Boursorama a également mis en œuvre une Politique de sécurité des systèmes d’information (PSSI). La société conclut de plus des engagements contractuels avec ses sous-traitants, rendant obligatoire la définition de politiques et des procédures écrites, définies et appliquées, concernant la traçabilité des habilitations et accès, ainsi que la sécurité logique et physique des équipements et réseaux. Enfin, une gestion des traces et des incidents est aussi mise en place entre le responsable du traitement et ses prestataires.

Le dossier d’autorisation imparfait

Une autre autorisation CNIL portant sur l’accès à une salle de sport par ARF a, cette fois, été  refusée. Compte tenu de la sensibilité des traitements de données biométriques, la Commission a estimé que les ARF mis en œuvre pour des raisons de commodité, c’est-à-dire en dehors de forts enjeux de sécurité, ne peuvent pas être imposés aux personnes concernées, y compris au titre de l’intérêt légitime du responsable de traitement. De tels dispositifs ne peuvent, dès lors, être mis en œuvre qu’avec le consentement des personnes concernées, entendu comme la manifestation de leur volonté libre, spécifique et éclairée. Or, dans le dossier présenté, aucune alternative au dispositif biométrique n’était proposée aux adhérents de l’association pour leur permettre d’accéder à la salle de sport.

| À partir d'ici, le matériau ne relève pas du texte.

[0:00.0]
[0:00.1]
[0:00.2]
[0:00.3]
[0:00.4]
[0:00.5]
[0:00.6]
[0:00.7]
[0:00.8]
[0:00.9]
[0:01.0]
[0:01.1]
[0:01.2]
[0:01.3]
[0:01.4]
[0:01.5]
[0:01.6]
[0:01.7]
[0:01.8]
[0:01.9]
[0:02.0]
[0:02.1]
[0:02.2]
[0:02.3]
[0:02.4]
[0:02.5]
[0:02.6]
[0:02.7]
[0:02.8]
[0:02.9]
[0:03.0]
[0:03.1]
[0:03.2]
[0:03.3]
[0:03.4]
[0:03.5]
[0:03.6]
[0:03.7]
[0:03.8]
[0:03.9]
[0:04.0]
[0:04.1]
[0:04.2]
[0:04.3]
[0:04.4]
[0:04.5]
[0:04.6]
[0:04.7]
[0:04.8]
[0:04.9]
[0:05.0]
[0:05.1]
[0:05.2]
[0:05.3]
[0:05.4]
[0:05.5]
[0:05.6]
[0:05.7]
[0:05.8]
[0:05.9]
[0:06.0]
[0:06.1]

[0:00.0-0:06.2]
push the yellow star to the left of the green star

Au surplus, compte tenu des risques, par nature irrévocables, que la compromission de données biométriques pourrait provoquer, la Commission considère que les dispositifs biométriques mis en œuvre pour des raisons de commodité doivent l’être dans des conditions assurant aux personnes concernées une maîtrise de leurs gabarits biométriques aux fins d’assurer la sécurité et la confidentialité des données.

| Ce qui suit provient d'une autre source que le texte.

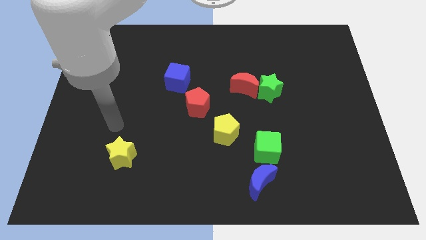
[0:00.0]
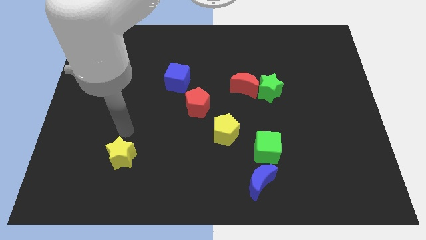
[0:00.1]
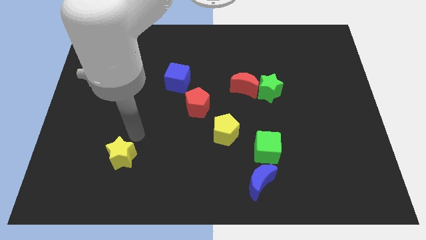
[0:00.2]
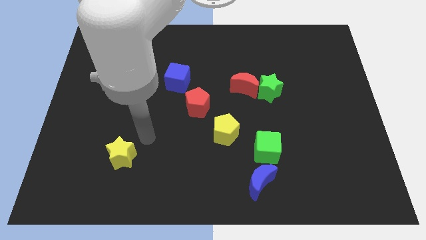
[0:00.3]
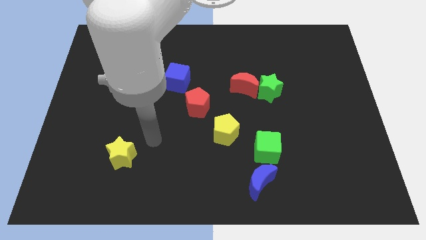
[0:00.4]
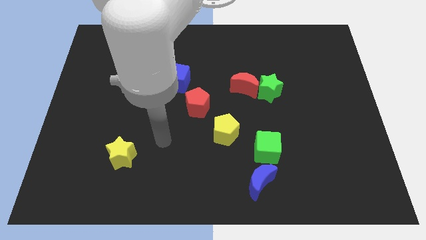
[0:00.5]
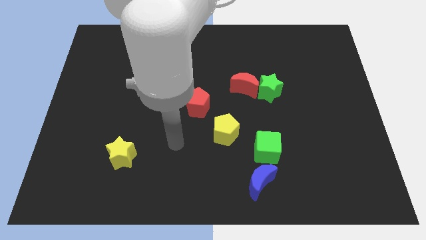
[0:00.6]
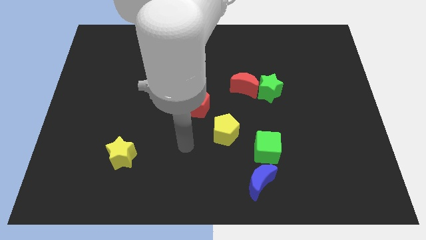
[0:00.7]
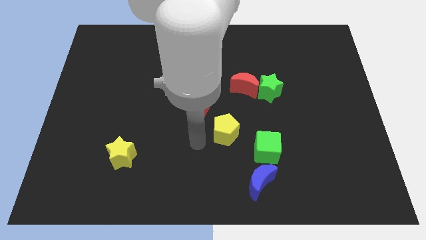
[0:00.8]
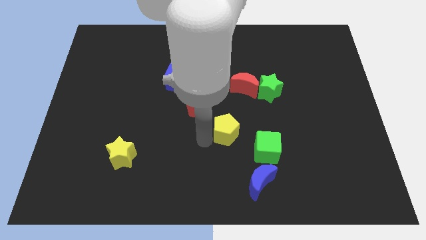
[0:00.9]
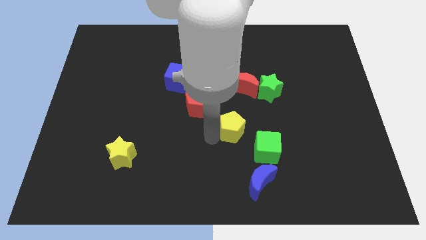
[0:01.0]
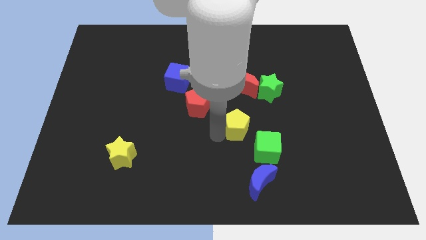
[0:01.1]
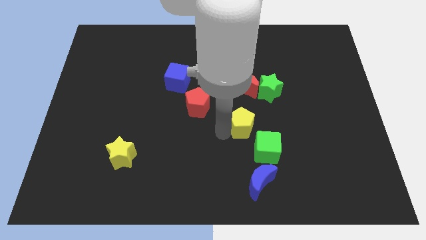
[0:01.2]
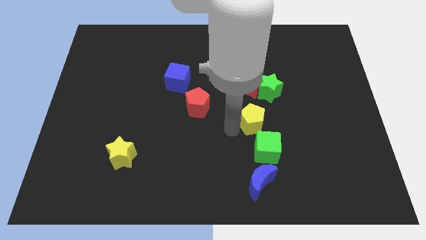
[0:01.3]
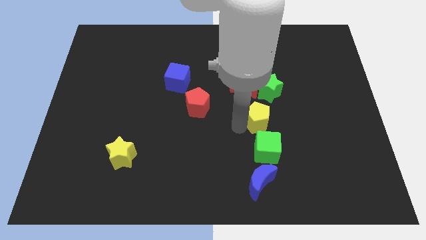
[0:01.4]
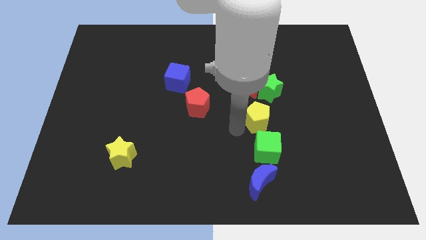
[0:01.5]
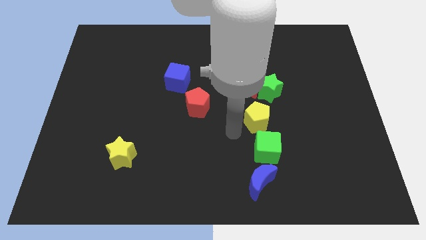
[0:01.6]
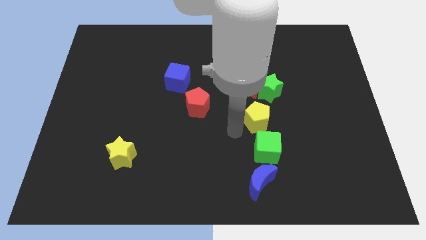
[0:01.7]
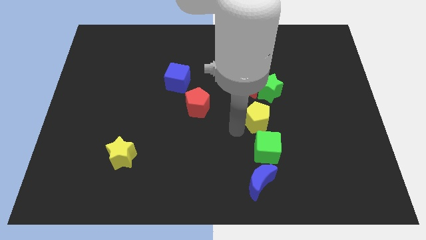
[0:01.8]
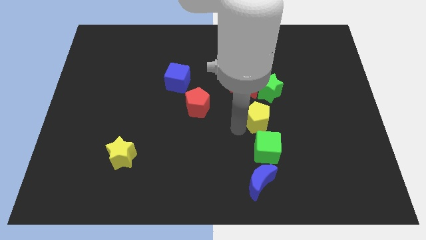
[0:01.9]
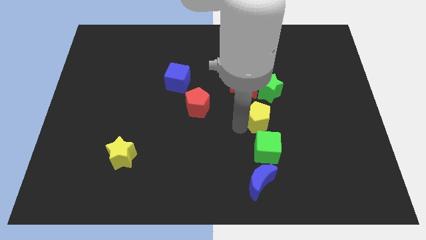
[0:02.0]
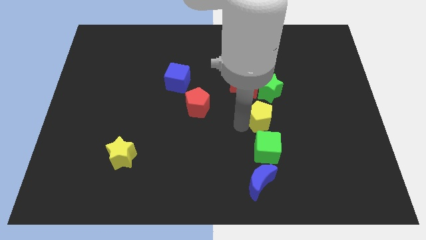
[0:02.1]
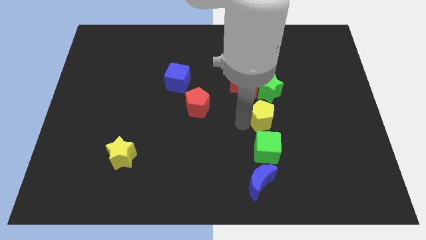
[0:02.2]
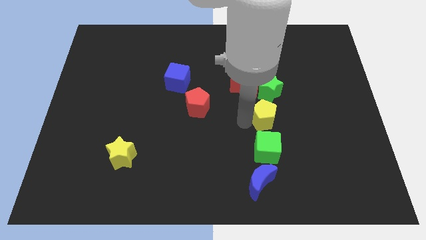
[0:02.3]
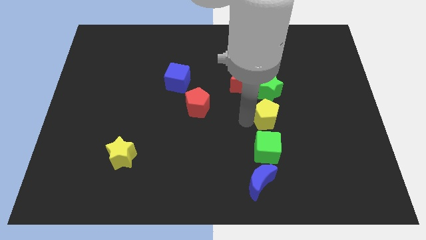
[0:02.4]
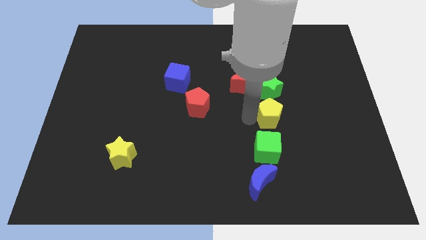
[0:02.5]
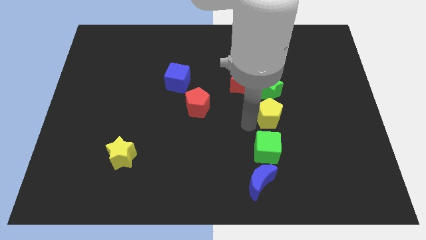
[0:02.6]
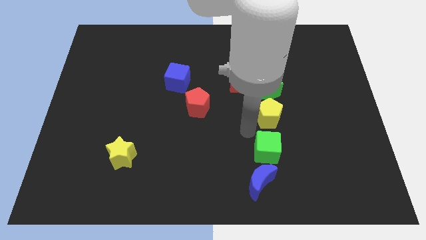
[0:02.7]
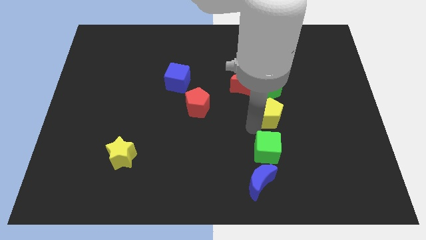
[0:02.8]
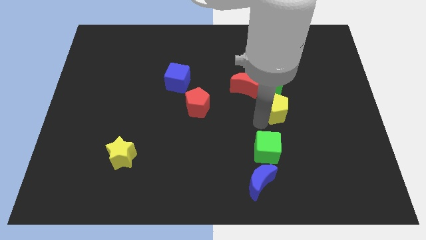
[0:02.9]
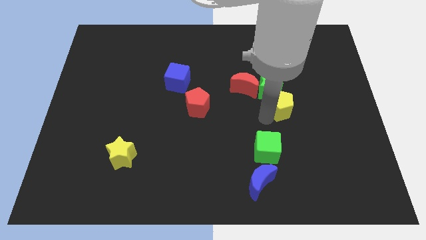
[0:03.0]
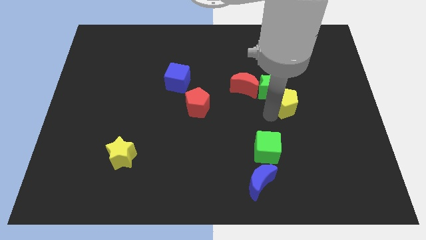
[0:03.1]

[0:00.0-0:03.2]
push the yellow pentagon to the right of the green star

Les applications spécifiques existantes

Contrôle des passeports

Le Conseil d’État a eu l’opportunité de valider plusieurs systèmes d’ARF de grande ampleur et notamment  le traitement  ARF.  Le Ministère de l’intérieur a été autorisé à créer un système de traitement automatisé centralisé des données à caractère personnel recueillies auprès des personnes âgées d’au moins six ans, lors de l’établissement ou du renouvellement des passeports.

Ce traitement a pour finalité de permettre l’instruction des demandes relatives à ces titres et de prévenir et détecter leur falsification et leur contrefaçon. Ce traitement ne comporte pas de  dispositif de reconnaissance faciale mais, à terme, l’adoption d’une autorisation d’interconnexion n’est pas exclue. En effet, l’interconnexion de ce système de traitement est déjà possible avec les systèmes d’information Schengen et INTERPOL.

Le fichier TAJ

En 2014, le Conseil d’État a également validé le fichier TAJ.  L’article 230-6 du Code pénal facilite la constatation des infractions à la loi pénale, le rassemblement des preuves de ces infractions et la recherche de leurs auteurs. Les services de la police nationale et de la gendarmerie nationale peuvent ainsi accéder aux traitements automatisés de données recueillies au cours des enquêtes préliminaires ou de flagrance ou des investigations exécutées sur commission rogatoire et concernant tout crime ou délit (auteurs et victimes) ainsi que certaines contraventions de la cinquième classe.